The centenary of the start of World War I has prompted three fascinatingly different responses on London's fringe this year, says Rachel Halliburton.

 
 

Fringe Theatre: World War I

 
Lost Boy

Lost Boy

 

The first response, Lost Boy is a musical at the Finborough Theatre by fringe stalwart Phil Willmott. A dark sequel to Peter Pan, it brings together J M Barrie's characters on the eve of World War I and asks how their extraordinary childhood has equipped them for reality. Southwark Playhouse presents an assembly of three short plays (including, interestingly, one by Barrie) called What The Women Did. Directed by the talented Tricia Thorns, it looks at the way women's lives were changed as they worked in munitions factories and held life together at home.

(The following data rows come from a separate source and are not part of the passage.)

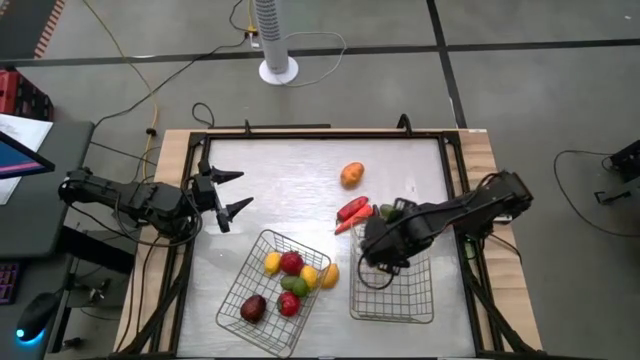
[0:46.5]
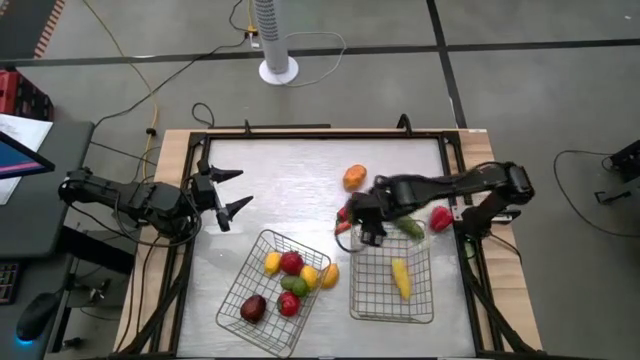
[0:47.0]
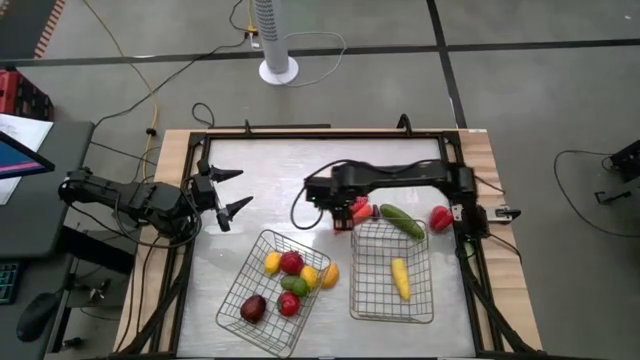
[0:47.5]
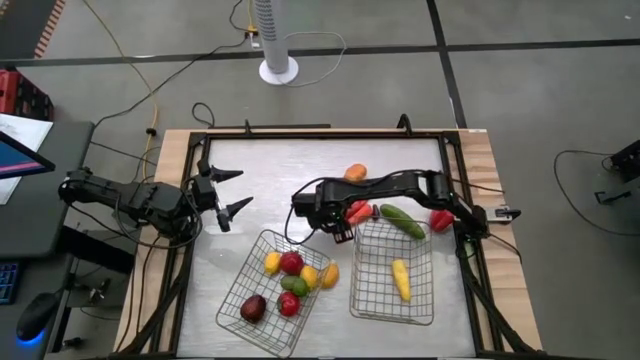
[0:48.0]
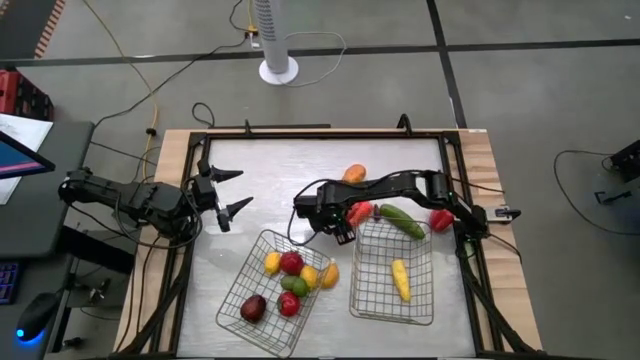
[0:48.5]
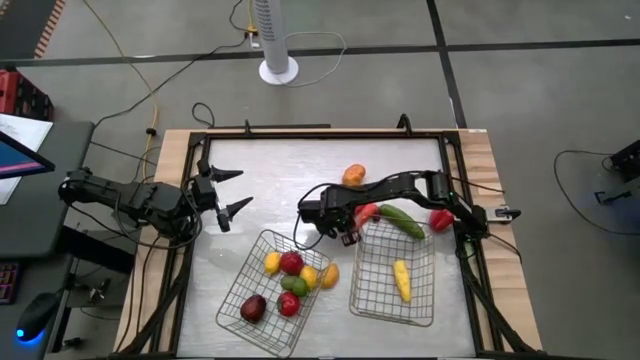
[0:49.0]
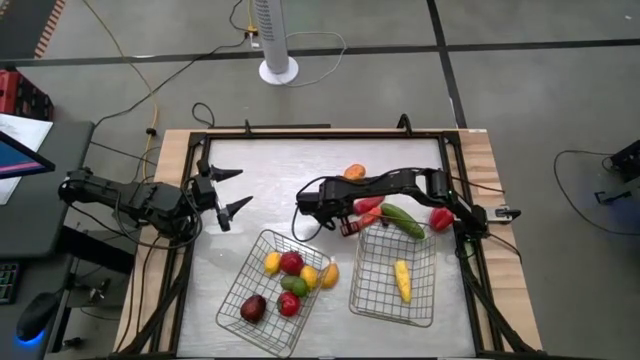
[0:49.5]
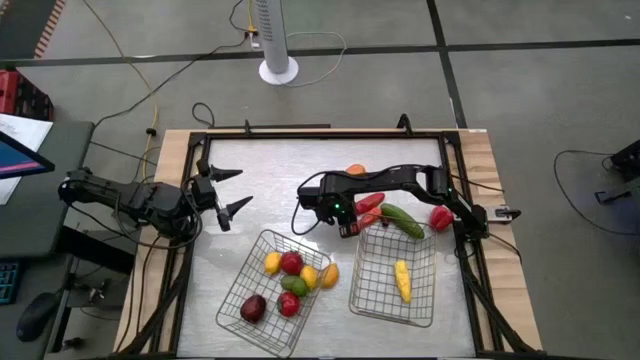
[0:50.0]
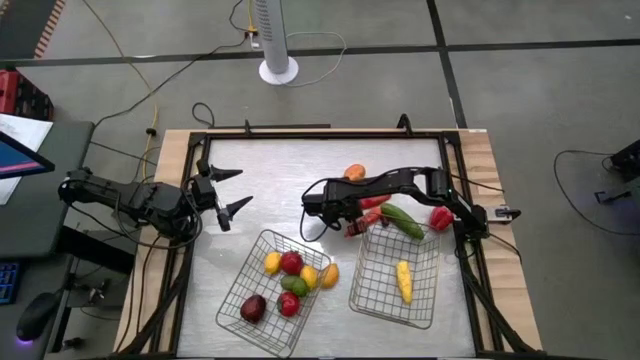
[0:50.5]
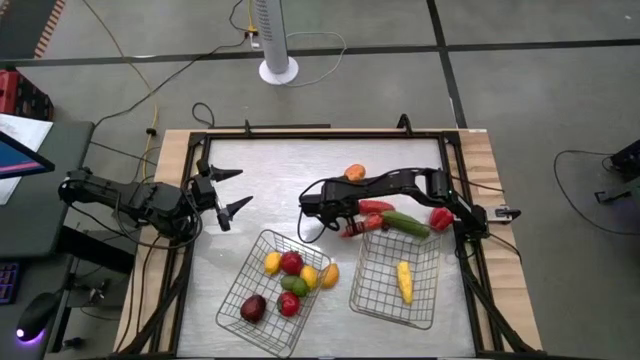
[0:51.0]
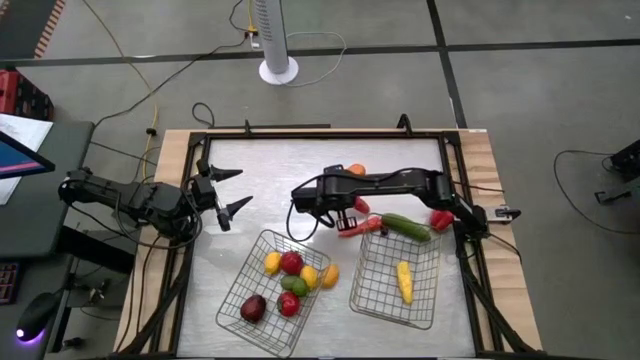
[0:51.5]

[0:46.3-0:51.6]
Task: Sort produce into baskets
Put the red chili pepper into the right wire basket

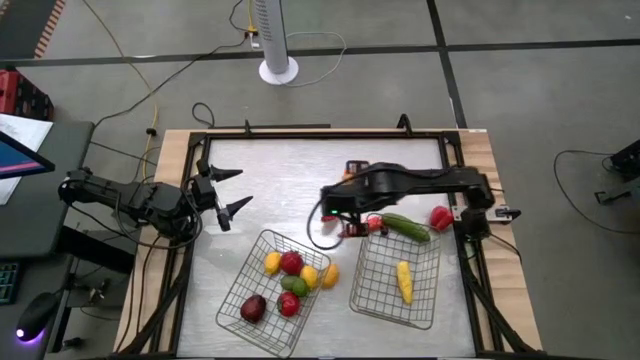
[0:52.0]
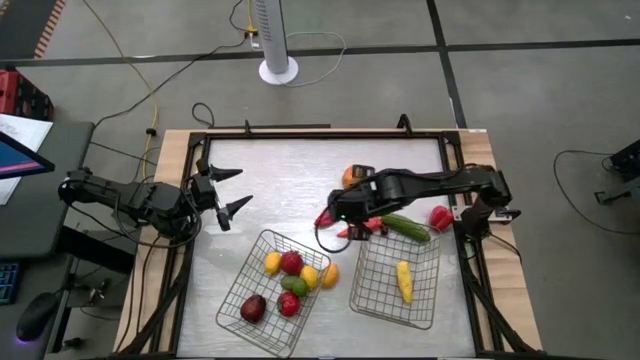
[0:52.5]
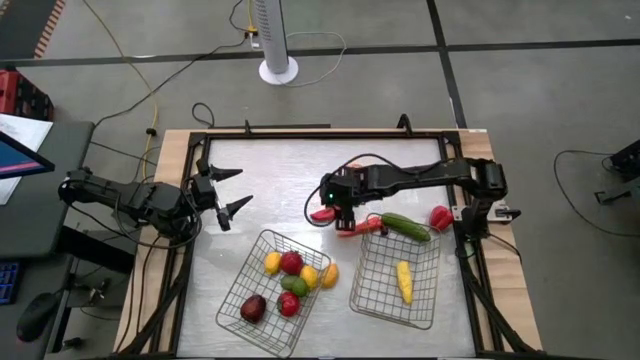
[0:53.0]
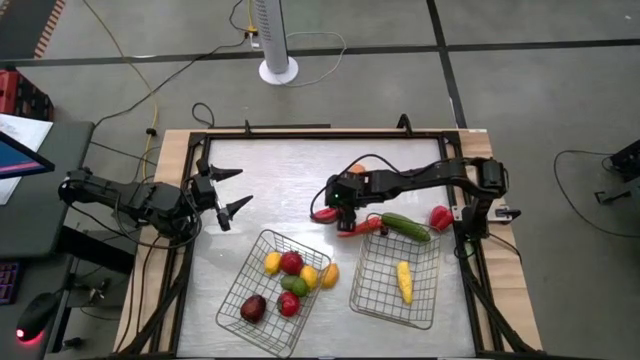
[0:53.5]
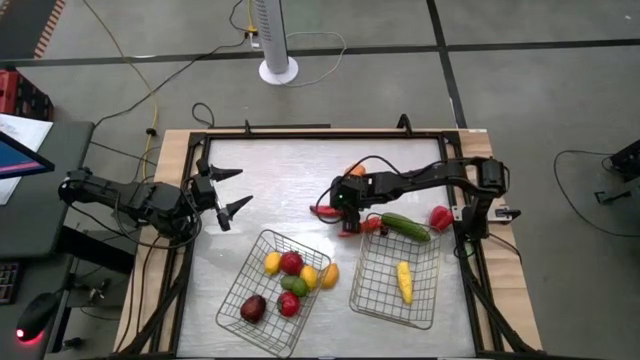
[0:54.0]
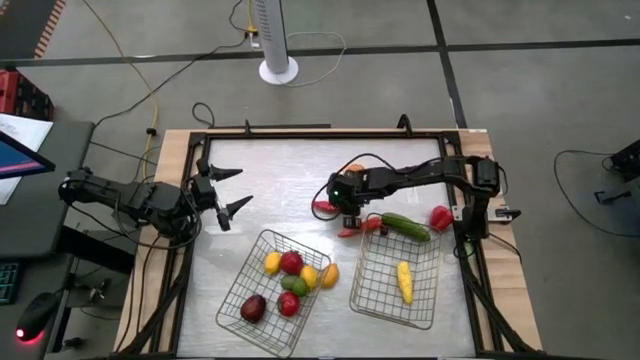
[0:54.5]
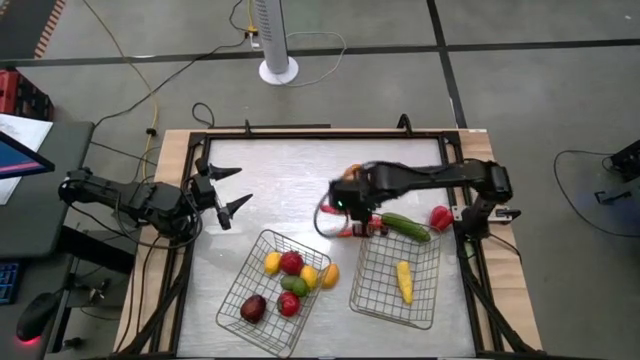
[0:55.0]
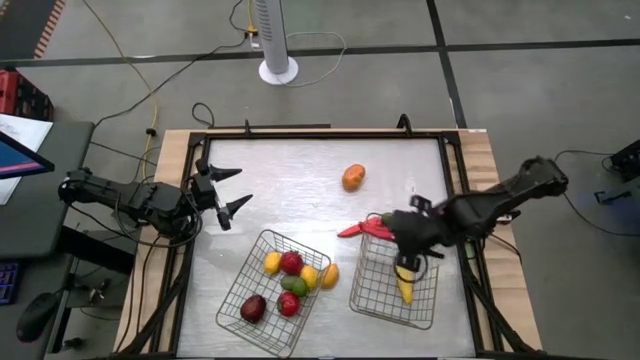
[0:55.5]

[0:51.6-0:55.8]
Put the red chili pepper into the right wire basket

Over at Theatre Royal Stratford East, the big daddy of First World War musicals Oh What A Lovely War is being revived. Famously developed by former artistic director Joan Littlewood with her ensemble at Theatre Workshop, it's a savagely comic excoriation of the waste of young life.

 
 
 

Fringe Theatre: Conflict

 
Ballad of the Burning Star - Photo by Alex Brenner

Ballad of the Burning Star

Photo by Alex Brenner

 

Maybe it's the centenary, maybe it's the nature of the world we live in that has made conflict a dominant theme for 2014. As part of its American season, the Gate Theatre stages The Body of an American, Dan O'Brien's acclaimed work about war and war reporting in which two actors take on more than 30 roles. Over at the Bush, We Are Proud to Present... tells the rarely recounted story of the first genocide of the twentieth century in Jack Sibblies' prize-winning play about the Herero of Namibia rising up against the German colonists. Ongoing troubles in the Middle East are dealt with in two productions. In The Ballad of the Burning Star at the ever-pioneering BAC the rarely less than exciting Theatre ad Infinitum has put together a cabaret to recount the conflicted story of Israel. Music, killer heels and 'a lethal troupe of divas' are all promised.

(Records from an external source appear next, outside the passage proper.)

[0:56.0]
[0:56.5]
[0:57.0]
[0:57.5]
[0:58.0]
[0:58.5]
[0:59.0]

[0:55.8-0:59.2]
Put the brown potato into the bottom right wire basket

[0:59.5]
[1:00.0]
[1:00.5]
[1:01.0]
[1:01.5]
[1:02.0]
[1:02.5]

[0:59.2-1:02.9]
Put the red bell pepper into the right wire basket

Over at Finsbury Park's gleaming new venue Park Theatre, The Keepers of Infinite Space serves up the Palestinian perspective as it ponders on the fact that since the 1967 Israeli occupation 40% of the Palestinian male population has been detained under military orders.

 
 
 

Fringe Theatre: Communication

 
I Wish I Was Lonely - (c) Martin Figura

I Wish I Was Lonely

(c) Martin Figura

 

The topic of communication - or the lack of it - is another point of obsession. Back at the BAC I Wish I Was Lonely makes the audience commit to leaving their mobile phones ON when they visit. This show asks the key question, how much of ourselves have we given up to the Gods in our pockets? The flipside of being eternally connected is the knowledge that sometimes even when we are closely observed we are utterly alone. Carthage at the Finborough Theatre looks at the story of a man whose death is recorded on CCTV because he is in prison. Despite this, no-one can say whose fault it is in this tragedy which pieces together an individual's life and death in the care system.

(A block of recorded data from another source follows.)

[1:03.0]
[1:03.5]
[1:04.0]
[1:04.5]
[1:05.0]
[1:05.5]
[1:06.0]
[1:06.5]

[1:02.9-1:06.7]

Our illusion that we are always in touch with the rest of the world perhaps accounts for two more plays examining what happens when all communication is cut off. The enterprising Wardrobe Ensemble - whose first show at the National Theatre's Shed was a huge success - now presents '33', the tale of the men stranded half a mile underground during the Chilean miner crisis. A more existential form of isolation is examined in the Bush Theatre's Ciphers in which a young female British spy is found dead. Her sister decides to play detective, and as a result finds herself in a world where the truth collapses in on itself, finally posing the question 'How well can you know anyone who lies for a living?'

 
 
 

Fringe Theatre: Radical Productions

 
Rapture Blister Burn \ Vault Festival

Rapture Blister Burn \ Vault Festival

 

As in mainstream theatre, 'strong women' is a dominant theme. The Ugly Sisters at Soho Theatre is a spirited, bolshy reponse to Cinderella, described by one critic as an "anarchic, cabaret-style dash through the worst excesses of today's celebrity culture".

Rapture, Blister and Burn at Hampstead Theatre stars Emilia Fox and Emma Fielding as a rock-star academic and a mother, who both inevitably covet each others' lives.

The resurrection of the Old Vic Tunnels as the Leake Street Tunnels beneath Waterloo Station comes as welcome news. Lou Stein, an old friend of Hunter S Thompson, adapts and directs Fear and Loathing in Las Vegas as part of the Vault 2014 season, while later FallOut Theatre presents its interpretation of Ian McEwan's disturbing The Cement Garden.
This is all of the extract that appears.